В них главные мужские роли — просто шедевр! Спросите, почему? Потому что принцы — танцуют! Во многих постановках они по большей части ходят и переживают.
У Юрия Николаевича — сложный текст и с самого начала понятно, кто главный герой. Дезире не выходит, а вылетает на сцену, да все появляются очень ярко. Нравятся мне и нуреевские версии наследия, станцевал его «Дон Кихота» с Марианелой Нуньес в Вене, сумасшедше сложно.
— Как Вам в Венской Опере, где появляетесь регулярно на правах приглашенного премьера?
— Мне нравится. Потрясающе работает Мануэль Легри, как он внимателен не только к гостям, но к каждому артисту. На днях в Вене с большим успехом прошла премьера «Сильвии» в его постановке, думаю, он накрутил там вариаций. Предлагал мне станцевать, но премьера, спектакли — по времени не получилось.
— Сейчас нечасто складываются стабильные балетные пары. Вы же все чаще танцуете в дуэте с талантливой и лирической Ольгой Смирновой. Вот и Жан-Кристоф Майо к себе в Монако вас приглашает…
— Мы танцуем с теми партнерами, с кем нас «выписывают». Нас с Олей всегда ставят вместе, чему я очень рад. С Жан-Кристофом мы познакомились давно, но дружба завязалась после работы над «Укрощением строптивой» в Большом. Майо — безумно позитивный человек, от него льется какая-то солнечная энергия и при этом он мужественный.
Один раз Миша Лобухин, с которым мы делим одну раздевалку, пришел на репетицию и сказал точно: «Сразу видно, что поставил мужик». Когда Майо пригласил нас с Олей станцевать в его спектакле «Красавица» в Монте-Карло, мы, конечно, обрадовались.
Работа оказалась сложной — в течение полугода мы приезжали и из репзала не выходили.
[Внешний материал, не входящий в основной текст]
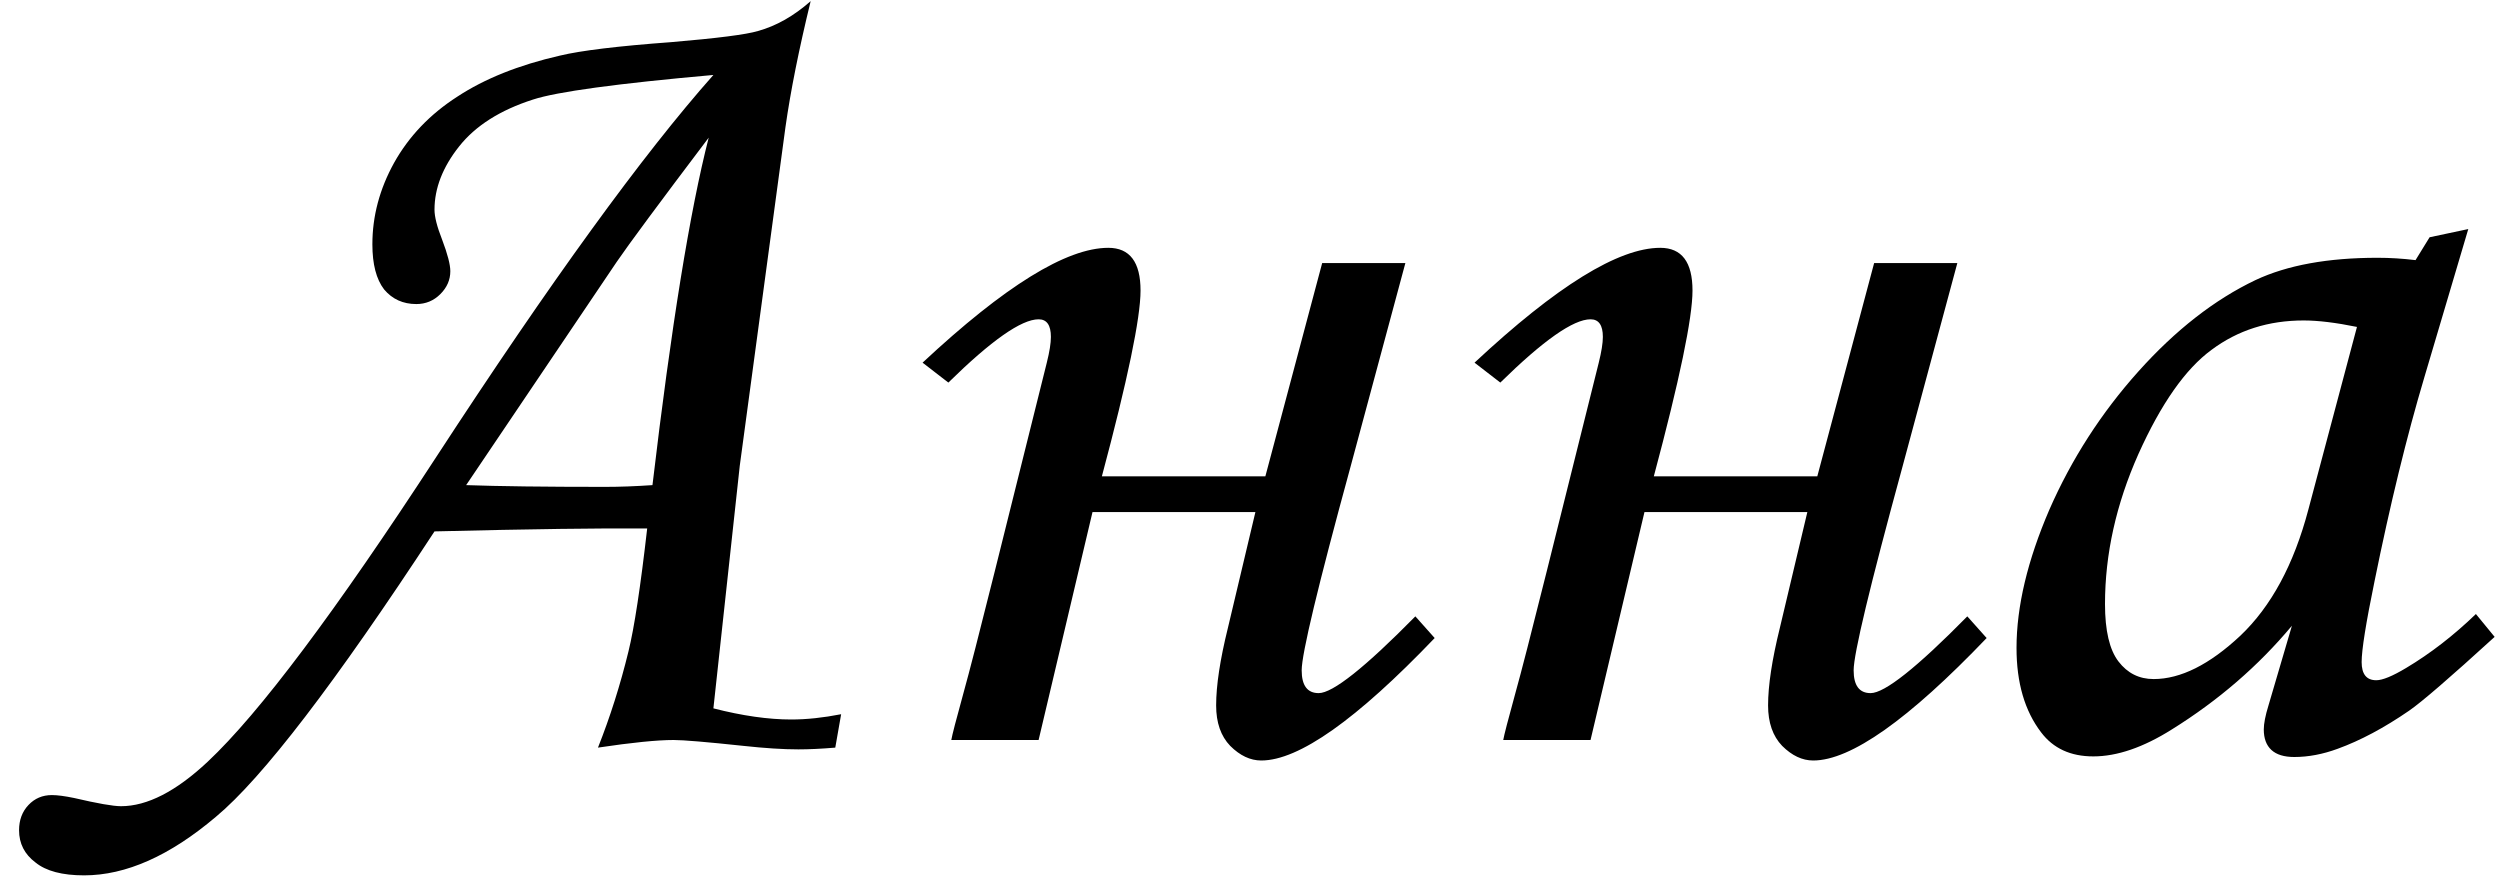 <?xml version="1.0" encoding="UTF-8"?> <svg xmlns="http://www.w3.org/2000/svg" width="125" height="44" viewBox="0 0 125 44" fill="none"><path d="M42.057 35.711L41.764 37.381C41.06 37.44 40.445 37.469 39.918 37.469C39.156 37.469 38.238 37.41 37.164 37.293C35.328 37.098 34.166 37 33.678 37C32.857 37 31.598 37.127 29.898 37.381C30.504 35.857 31.012 34.256 31.422 32.576C31.715 31.385 32.027 29.334 32.359 26.424C30.074 26.404 26.529 26.453 21.725 26.57C16.764 34.148 13.121 38.904 10.797 40.838C8.492 42.791 6.295 43.768 4.205 43.768C3.111 43.768 2.301 43.553 1.773 43.123C1.227 42.713 0.953 42.176 0.953 41.512C0.953 41.004 1.109 40.584 1.422 40.252C1.734 39.92 2.125 39.754 2.594 39.754C2.867 39.754 3.238 39.803 3.707 39.9C4.879 40.174 5.66 40.31 6.051 40.31C7.359 40.31 8.805 39.568 10.387 38.084C12.965 35.662 16.773 30.584 21.812 22.85C27.516 14.1 32.135 7.732 35.67 3.748C30.846 4.178 27.838 4.588 26.646 4.979C25.006 5.506 23.775 6.287 22.955 7.322C22.135 8.357 21.725 9.412 21.725 10.486C21.725 10.838 21.852 11.336 22.105 11.98C22.379 12.703 22.516 13.23 22.516 13.562C22.516 13.992 22.35 14.373 22.018 14.705C21.686 15.037 21.285 15.203 20.816 15.203C20.152 15.203 19.615 14.959 19.205 14.471C18.814 13.963 18.619 13.211 18.619 12.215C18.619 10.809 18.98 9.451 19.703 8.143C20.445 6.814 21.5 5.711 22.867 4.832C24.234 3.934 25.943 3.25 27.994 2.781C29.049 2.527 30.904 2.303 33.56 2.107C35.865 1.912 37.31 1.727 37.897 1.551C38.815 1.297 39.693 0.799 40.533 0.057C39.947 2.459 39.527 4.559 39.273 6.355L36.988 23.289L35.67 35.418C37.115 35.789 38.414 35.975 39.566 35.975C40.328 35.975 41.158 35.887 42.057 35.711ZM32.623 24.256C33.56 16.326 34.498 10.535 35.435 6.883C32.955 10.164 31.422 12.234 30.836 13.094L23.307 24.256C24.928 24.314 27.242 24.344 30.25 24.344C30.992 24.344 31.783 24.314 32.623 24.256ZM71.734 31.902C67.828 35.984 64.938 38.025 63.062 38.025C62.516 38.025 61.998 37.781 61.51 37.293C61.041 36.805 60.807 36.131 60.807 35.272C60.807 34.275 61.002 32.986 61.393 31.404L62.77 25.604H54.625L51.93 37H47.565C47.603 36.766 47.809 35.975 48.18 34.627C48.453 33.65 48.971 31.639 49.732 28.592L52.34 18.133C52.477 17.586 52.545 17.156 52.545 16.844C52.545 16.258 52.34 15.965 51.93 15.965C51.07 15.965 49.566 17.02 47.418 19.129L46.129 18.133C50.23 14.305 53.326 12.391 55.416 12.391C56.49 12.391 57.027 13.104 57.027 14.529C57.027 15.896 56.383 18.992 55.094 23.816H63.268L66.109 13.152H70.269L67.516 23.377C65.894 29.314 65.084 32.693 65.084 33.514C65.084 34.275 65.367 34.656 65.934 34.656C66.637 34.656 68.248 33.377 70.768 30.818L71.734 31.902ZM99.332 31.902C95.426 35.984 92.535 38.025 90.66 38.025C90.113 38.025 89.596 37.781 89.107 37.293C88.639 36.805 88.404 36.131 88.404 35.272C88.404 34.275 88.6 32.986 88.99 31.404L90.367 25.604H82.223L79.527 37H75.162C75.201 36.766 75.406 35.975 75.777 34.627C76.051 33.65 76.568 31.639 77.33 28.592L79.938 18.133C80.074 17.586 80.143 17.156 80.143 16.844C80.143 16.258 79.938 15.965 79.527 15.965C78.668 15.965 77.164 17.02 75.016 19.129L73.727 18.133C77.828 14.305 80.924 12.391 83.014 12.391C84.088 12.391 84.625 13.104 84.625 14.529C84.625 15.896 83.981 18.992 82.691 23.816H90.865L93.707 13.152H97.867L95.113 23.377C93.492 29.314 92.682 32.693 92.682 33.514C92.682 34.275 92.965 34.656 93.531 34.656C94.234 34.656 95.846 33.377 98.365 30.818L99.332 31.902ZM121.48 11.863L123.414 11.453L121.217 18.865C120.338 21.814 119.508 25.213 118.727 29.061C118.297 31.15 118.082 32.498 118.082 33.103C118.082 33.709 118.326 34.012 118.814 34.012C119.127 34.012 119.625 33.807 120.309 33.397C121.52 32.674 122.682 31.775 123.795 30.701L124.732 31.844C122.506 33.875 121.08 35.105 120.455 35.535C119.205 36.395 118.014 37.029 116.881 37.44C116.139 37.713 115.416 37.85 114.713 37.85C114.205 37.85 113.824 37.732 113.57 37.498C113.316 37.264 113.189 36.922 113.189 36.473C113.189 36.18 113.268 35.779 113.424 35.272L114.596 31.287C112.916 33.299 110.914 35.027 108.59 36.473C107.164 37.371 105.855 37.82 104.664 37.82C103.531 37.82 102.662 37.42 102.057 36.619C101.236 35.545 100.826 34.139 100.826 32.4C100.826 30.33 101.373 28.025 102.467 25.486C103.58 22.947 105.064 20.643 106.92 18.572C108.775 16.502 110.729 14.979 112.779 14.002C114.361 13.26 116.393 12.889 118.873 12.889C119.498 12.889 120.133 12.928 120.777 13.006L121.48 11.863ZM117.848 16.346C116.793 16.131 115.904 16.023 115.182 16.023C113.424 16.023 111.891 16.512 110.582 17.488C109.273 18.445 108.053 20.184 106.92 22.703C105.807 25.203 105.25 27.703 105.25 30.203C105.25 31.531 105.475 32.488 105.924 33.074C106.373 33.66 106.959 33.953 107.682 33.953C109.029 33.953 110.475 33.23 112.018 31.785C113.561 30.32 114.693 28.221 115.416 25.486L117.848 16.346Z" fill="black"></path></svg>

Первыми исполнителями «Красавицы» были жена и помощница Майо Бернис Коппьетерс, она все нюансы передала Ольге, и Крис Руландт — он ушел со сцены, открыл магазин одежды для балета. Мне просто необходима была репетиция с ним, но все в один голос уверяли: он не придет — многие просили, он обрубил концы, в театре не появляется, у него новая жизнь.
Я пришел к нему в магазин и уговорил раскрыть секреты, показать поддержки. При его появлении у артистов случился шок, а Майо сказал: «Знали мы въедливых и дотошных, но такого, как Чудин, еще не встречали».
— А что случилось с «Онегиным» Джона Крэнко? Репетировали обе главные мужские партии, а остались только с Ленским. Балетоманы долго ждали Вашего Онегина, но так и не дождались…
— Какой же я Онегин? Рид Андерсон (руководитель постановочной группы. — «Культура») хотел, чтобы я готовил две партии, что я и делал. Ленский так лег на душу, его приятно танцевать, и я попросил оставить мне наивного поэта.
Если решусь на Онегина, а Рид уговаривает до сих пор, то поеду готовить роль в Штутгарт. Не потому, что у нас плохие репетиторы — они в Большом прекрасные, но спектакль рожден там, они все-таки танцуют его по-другому, с иными акцентами, они очень важны в нашей работе.
— Любите процесс репетиций?
— Очень. Спектакль — может пойти, а может и не все получиться. А на репетиции — двери закрыты и идет таинственный процесс творчества, рождения спектакля, это здорово. У меня замечательный педагог — Александр Ветров. Мы с ним почти одновременно пришли в Большой — он вернулся в родной дом после работы в Америке, а я чувствовал себя птенцом, попавшим в новое гнездо.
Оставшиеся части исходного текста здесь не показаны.